Here is a good article on Javascript validation. Remember you will need to validate on the server side too. Javascript validation can easily be circumvented, so it should never be used for security reasons such as preventing SQL Injection or XSS attacks.
You could learn regular expressions, or (probably simpler if you only check for one character at a time) you could have a list of characters and then some kind of sanitize function to remove each one from the string.
var myString = "An /invalid &string;";
var charList = ['/', '\\', '&', ';']; // etc...
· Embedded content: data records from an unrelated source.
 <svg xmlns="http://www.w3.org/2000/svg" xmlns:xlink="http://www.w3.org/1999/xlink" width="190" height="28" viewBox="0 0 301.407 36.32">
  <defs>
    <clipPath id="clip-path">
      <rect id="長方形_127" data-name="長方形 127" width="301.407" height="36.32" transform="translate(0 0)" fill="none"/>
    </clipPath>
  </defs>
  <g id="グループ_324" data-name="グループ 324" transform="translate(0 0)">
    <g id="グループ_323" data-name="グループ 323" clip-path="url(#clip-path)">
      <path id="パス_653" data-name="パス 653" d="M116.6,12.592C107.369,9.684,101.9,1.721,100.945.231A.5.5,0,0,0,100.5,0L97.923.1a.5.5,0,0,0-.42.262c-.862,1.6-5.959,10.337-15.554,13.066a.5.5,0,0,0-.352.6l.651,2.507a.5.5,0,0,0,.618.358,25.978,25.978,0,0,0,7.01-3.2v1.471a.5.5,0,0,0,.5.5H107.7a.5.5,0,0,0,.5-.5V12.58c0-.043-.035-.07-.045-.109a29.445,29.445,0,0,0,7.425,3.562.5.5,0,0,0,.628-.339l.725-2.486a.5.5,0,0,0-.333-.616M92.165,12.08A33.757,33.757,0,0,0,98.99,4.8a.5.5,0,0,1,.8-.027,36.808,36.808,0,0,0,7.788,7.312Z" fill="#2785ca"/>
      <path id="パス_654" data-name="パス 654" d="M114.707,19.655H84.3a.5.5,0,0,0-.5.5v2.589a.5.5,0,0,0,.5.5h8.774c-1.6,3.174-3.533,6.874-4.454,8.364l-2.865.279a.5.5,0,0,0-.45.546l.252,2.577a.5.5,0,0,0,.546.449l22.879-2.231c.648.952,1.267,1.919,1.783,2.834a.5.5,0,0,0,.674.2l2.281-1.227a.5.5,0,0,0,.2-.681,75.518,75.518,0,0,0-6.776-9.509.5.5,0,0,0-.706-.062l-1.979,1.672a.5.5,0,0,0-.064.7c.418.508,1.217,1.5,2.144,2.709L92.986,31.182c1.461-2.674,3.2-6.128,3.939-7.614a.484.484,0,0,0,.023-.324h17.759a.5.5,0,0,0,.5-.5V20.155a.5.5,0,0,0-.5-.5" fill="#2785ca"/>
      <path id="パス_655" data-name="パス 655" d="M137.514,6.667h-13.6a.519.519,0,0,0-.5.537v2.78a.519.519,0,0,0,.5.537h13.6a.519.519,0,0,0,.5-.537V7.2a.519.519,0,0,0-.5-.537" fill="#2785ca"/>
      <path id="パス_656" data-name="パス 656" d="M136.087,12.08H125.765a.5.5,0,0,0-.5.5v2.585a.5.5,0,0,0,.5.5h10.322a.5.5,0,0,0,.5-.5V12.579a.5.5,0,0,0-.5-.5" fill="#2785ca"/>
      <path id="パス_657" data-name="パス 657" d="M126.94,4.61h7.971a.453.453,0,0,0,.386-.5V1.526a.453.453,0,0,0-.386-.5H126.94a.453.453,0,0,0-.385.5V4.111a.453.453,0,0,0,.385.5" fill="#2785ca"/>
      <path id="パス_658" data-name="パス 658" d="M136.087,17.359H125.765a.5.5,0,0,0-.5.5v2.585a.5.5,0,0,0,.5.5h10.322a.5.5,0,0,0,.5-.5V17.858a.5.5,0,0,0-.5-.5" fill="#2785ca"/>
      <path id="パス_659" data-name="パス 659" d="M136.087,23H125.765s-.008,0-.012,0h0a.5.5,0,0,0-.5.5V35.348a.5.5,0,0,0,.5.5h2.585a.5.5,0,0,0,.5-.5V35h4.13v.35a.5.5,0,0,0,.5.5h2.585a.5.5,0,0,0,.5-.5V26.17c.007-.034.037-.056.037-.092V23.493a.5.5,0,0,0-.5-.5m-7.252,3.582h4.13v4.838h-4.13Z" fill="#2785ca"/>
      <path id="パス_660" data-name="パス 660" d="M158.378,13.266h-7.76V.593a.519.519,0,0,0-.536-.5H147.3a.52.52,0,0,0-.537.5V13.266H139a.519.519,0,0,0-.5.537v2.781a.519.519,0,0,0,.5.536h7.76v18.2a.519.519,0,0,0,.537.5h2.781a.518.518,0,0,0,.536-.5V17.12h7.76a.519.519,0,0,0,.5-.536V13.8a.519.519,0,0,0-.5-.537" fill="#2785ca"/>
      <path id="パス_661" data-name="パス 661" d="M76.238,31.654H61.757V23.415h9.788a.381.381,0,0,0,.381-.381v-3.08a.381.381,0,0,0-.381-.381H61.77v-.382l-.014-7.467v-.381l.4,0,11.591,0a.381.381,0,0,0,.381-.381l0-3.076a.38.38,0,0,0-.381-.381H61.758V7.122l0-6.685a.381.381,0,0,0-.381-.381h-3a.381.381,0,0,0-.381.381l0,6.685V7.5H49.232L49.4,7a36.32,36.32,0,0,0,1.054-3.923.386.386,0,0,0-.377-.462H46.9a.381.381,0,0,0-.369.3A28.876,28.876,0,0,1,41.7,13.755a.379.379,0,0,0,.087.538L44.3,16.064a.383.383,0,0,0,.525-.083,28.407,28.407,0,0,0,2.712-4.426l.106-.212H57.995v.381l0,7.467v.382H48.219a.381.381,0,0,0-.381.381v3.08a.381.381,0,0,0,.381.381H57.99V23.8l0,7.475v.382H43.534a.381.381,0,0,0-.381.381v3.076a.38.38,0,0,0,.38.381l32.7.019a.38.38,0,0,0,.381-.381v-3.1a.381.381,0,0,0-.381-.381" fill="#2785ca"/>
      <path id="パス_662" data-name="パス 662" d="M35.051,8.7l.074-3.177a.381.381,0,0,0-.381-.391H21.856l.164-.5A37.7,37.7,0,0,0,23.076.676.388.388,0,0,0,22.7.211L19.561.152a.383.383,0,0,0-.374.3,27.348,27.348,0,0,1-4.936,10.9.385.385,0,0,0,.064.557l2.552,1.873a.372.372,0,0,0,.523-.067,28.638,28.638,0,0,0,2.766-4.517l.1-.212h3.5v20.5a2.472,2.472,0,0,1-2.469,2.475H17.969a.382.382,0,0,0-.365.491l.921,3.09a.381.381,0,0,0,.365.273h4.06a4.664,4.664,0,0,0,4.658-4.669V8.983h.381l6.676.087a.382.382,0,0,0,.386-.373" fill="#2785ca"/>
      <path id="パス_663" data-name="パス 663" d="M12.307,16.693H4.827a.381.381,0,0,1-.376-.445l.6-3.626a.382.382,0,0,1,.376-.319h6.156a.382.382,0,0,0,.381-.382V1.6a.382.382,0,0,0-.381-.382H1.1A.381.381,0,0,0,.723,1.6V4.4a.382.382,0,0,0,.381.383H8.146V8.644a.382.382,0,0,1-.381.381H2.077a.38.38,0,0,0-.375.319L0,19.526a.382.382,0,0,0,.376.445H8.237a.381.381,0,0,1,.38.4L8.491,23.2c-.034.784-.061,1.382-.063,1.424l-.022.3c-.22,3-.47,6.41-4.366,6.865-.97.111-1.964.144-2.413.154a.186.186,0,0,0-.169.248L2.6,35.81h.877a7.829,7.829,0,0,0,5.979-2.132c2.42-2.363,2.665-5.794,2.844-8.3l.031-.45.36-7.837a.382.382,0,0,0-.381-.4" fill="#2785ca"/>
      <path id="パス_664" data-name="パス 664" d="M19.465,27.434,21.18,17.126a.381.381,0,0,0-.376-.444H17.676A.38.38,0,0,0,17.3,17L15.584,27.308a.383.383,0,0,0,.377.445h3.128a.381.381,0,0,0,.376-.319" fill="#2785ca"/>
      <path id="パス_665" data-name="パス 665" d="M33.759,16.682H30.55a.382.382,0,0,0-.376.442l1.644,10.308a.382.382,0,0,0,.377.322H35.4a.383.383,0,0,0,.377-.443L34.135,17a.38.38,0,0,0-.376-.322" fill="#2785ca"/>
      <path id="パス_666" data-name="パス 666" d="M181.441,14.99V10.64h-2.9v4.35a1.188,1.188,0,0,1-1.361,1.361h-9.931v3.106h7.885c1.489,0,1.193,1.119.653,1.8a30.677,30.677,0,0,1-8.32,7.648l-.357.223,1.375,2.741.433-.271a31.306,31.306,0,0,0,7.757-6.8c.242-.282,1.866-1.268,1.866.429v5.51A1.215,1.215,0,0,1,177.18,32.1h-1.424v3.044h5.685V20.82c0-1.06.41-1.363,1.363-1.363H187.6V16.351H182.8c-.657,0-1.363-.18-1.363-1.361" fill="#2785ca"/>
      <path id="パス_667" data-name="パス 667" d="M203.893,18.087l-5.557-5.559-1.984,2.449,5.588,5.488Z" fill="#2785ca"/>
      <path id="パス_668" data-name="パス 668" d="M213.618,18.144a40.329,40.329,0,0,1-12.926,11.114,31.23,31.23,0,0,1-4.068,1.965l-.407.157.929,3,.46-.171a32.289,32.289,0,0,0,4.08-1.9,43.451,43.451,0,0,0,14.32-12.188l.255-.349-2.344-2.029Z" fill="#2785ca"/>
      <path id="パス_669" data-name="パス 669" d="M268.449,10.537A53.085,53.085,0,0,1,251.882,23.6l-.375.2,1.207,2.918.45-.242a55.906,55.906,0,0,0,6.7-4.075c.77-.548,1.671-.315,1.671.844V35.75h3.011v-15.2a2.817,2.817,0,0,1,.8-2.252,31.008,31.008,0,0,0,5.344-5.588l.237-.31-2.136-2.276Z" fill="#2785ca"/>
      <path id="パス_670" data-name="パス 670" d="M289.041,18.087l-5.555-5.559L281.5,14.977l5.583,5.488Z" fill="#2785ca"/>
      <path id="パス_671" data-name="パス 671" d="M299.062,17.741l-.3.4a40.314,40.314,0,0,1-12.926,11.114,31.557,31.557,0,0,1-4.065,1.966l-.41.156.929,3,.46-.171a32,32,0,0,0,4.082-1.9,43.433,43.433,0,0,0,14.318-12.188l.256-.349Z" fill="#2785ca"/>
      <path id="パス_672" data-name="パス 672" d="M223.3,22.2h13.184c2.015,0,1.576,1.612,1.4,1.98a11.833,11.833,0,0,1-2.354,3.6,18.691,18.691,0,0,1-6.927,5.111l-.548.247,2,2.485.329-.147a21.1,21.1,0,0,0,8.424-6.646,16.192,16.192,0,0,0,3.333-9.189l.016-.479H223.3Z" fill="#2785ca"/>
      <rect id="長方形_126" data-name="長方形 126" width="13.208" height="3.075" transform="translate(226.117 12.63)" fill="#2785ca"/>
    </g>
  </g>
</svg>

function sanitize(input, list) {
for (char in list) {
input = input.replace(char, '');
}
return input
}
So then:
sanitize(myString, charList) // returns "An invalid string"
You can use the test method, with regular expressions:
function validString(input){
return !(/[\\/&;]/.test(input));
}
validString('test;') //false
You can use regex. For example if your string matches:
[\\/&;]+
then it is not valid. Look at:
http://www.regular-expressions.info/javascriptexample.html
You could probably use a regular expression.
As the others have answered you can solve this with regexp but remember to also check the value server-side. There is no guarantee that the user has JavaScript activated. Never trust user input!